Das Leben auf der Straße Krise trifft die Obdachlosen in Frankreich besonders hart

Paris · Die Corona-Krise trifft vor allem die Menschen ohne festen Wohnsitz hart. Ein Bericht über die aktuelle Situation der Obdachlosen in Frankreich.

 Gerade die Wohnsitzlosen trifft es in der Corona-Krise hart.

Gerade die Wohnsitzlosen trifft es in der Corona-Krise hart.

Foto: dpa/Francois Mori

Das Leben sieht für diese Menschen keinen weiteren sozialen Abstieg mehr vor. Sie sind ganz unten angekommen. SDF heißt die Endstation – die französische Abkürzung für Sans Domicile Fix, ohne festen Wohnsitz. Fast 4000 von ihnen leben allein in Paris, sie schlafen im Sommer unter Brücken und im Winter in den Métro-Stationen. Sie haben sich meist irgendwie arrangiert mit ihrem Schicksal, doch das Leben hat nun noch eine böse Überraschung parat. Die Corona-Krise trifft die Wohnsitzlosen mit voller Wucht. Denn das Wenige, was sie zum Leben brauchen, wird ihnen nun auch noch genommen.

Wegen der rigiden Ausganssperren in Frankreichs Städten, schlendern keine Passanten mehr durch die Straßen, die den Bettlern immer wieder eine Münze zustecken oder ihnen etwas zu essen kaufen. Die Armenküchen, die häufig von Spenden der Restaurants leben, bekommen keine Lebensmittel mehr, weil die Gastronomen geschlossen haben. Und viele der freiwilligen Helfer können in der Zeit der Krise nicht mehr mit anpacken, weil sie sich zuhause um ihre eigenen Kinder kümmern müssen, da in den Schulen der Unterricht ausfällt.
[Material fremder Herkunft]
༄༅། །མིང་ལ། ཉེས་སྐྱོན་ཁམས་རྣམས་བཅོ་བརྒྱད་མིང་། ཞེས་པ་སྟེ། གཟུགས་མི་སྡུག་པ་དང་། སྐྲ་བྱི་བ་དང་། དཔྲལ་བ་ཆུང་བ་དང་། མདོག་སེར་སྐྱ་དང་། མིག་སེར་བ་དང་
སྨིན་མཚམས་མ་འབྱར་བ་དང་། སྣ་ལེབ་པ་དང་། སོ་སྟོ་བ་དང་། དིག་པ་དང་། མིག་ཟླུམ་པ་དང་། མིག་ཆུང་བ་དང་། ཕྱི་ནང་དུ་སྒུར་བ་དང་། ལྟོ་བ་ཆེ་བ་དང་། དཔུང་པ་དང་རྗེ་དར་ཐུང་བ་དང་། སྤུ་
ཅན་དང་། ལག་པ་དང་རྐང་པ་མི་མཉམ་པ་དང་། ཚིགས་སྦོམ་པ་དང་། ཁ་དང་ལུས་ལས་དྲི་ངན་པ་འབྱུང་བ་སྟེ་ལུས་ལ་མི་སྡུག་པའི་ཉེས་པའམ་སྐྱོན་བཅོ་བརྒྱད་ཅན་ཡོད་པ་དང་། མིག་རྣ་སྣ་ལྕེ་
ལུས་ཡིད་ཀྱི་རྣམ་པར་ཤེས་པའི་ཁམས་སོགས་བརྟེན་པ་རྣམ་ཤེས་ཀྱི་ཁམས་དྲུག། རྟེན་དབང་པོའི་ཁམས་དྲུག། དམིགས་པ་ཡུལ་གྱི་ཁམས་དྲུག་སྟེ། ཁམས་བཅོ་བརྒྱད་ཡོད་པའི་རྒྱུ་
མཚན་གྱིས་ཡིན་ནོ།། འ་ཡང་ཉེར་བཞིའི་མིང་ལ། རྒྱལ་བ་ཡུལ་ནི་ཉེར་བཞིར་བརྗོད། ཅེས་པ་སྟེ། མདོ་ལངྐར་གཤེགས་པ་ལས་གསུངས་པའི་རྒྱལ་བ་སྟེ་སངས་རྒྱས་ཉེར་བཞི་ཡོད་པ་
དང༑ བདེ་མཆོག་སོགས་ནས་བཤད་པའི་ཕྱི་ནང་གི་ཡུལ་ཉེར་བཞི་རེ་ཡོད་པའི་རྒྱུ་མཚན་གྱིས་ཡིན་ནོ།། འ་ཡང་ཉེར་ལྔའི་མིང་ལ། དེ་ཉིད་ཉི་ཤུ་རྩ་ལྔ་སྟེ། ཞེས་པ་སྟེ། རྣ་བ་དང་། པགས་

„Auch das soziale Leben der Wohnsitzlosen ist schwierig geworden“, sagt Thierry des Lauriers, Chef der Hilfsorganisation Aux Captifs La Libération. Beliebte Plätze, wo sich die Gruppen getroffen haben, sind geschlossen. Und wenn sich einige Männer und Frauen zusammen etwa vor der Pariser Oper auf die Treppen setzen, werden sie wegen des Versammlungsverbotes von der Polizei verjagt. Thierry des Lauriers: „Sie sagen uns immer wieder, dass sie die Vergessenen dieser Geschichte sind.“ Manche würden sich schlicht auch alleine fühlen, weil sie keine Menschen mehr auf den Straßen sehen. Auch sei es für die Wohnsitzlosen schwierig geworden, sich in der Stadt zu bewegen. Konnten sie zuvor in der Masse der Passanten untertauchen, werden sie nun in den menschenleeren Straßen häufiger von der Polizei aufgegriffen.

Eine besorgniserregende Beobachtung für die Helfer ist, dass viele von Drogen abhängige Wohnsitzlose auf schwerem Entzug sind. Sie könnten sich ihre tägliche Dosis an Alkohol oder Rauschgift nicht mehr besorgen, erklärt Thierry des Lauriers, manche würden deshalb zitternd und kurz vor dem Delirium auf der Straße zusammenbrechen. Die Hilfsorganisation versucht wegen der Auswirkungen der Corona-Krise in diesen Wochen die Kontrollen in den Straßen zu verstärken. „Wir sehen nach, ob sie genügend zu essen haben und untersuchen sie kurz, vor allem wenn sie Anzeichen einer Infektion durch den Coronavirus zeigen“, beschreibt Thierry des Lauriers die Arbeit der Helfer.

Es gibt allerdings auch Wohnsitzlose, die versuchen, die Situation auf kriminelle Weise auszunutzen. In der Zeitung „Figaro“ beschreibt ein junger Mann, dass mitten in Paris im Viertel Pigalle ein Bettler versucht habe, ihm die Geldbörse zu entreißen. Anders als zu normalen Zeiten sei keine Menschenseele unterwegs gewesen und auch keine Polizei in der Nähe. Er habe allerdings weniger Angst um sein Geld gehabt, gesteht der junge Mann, sondern eher, sich im Gerangel mit dem Angreifer mit dem Coronavirus anzustecken.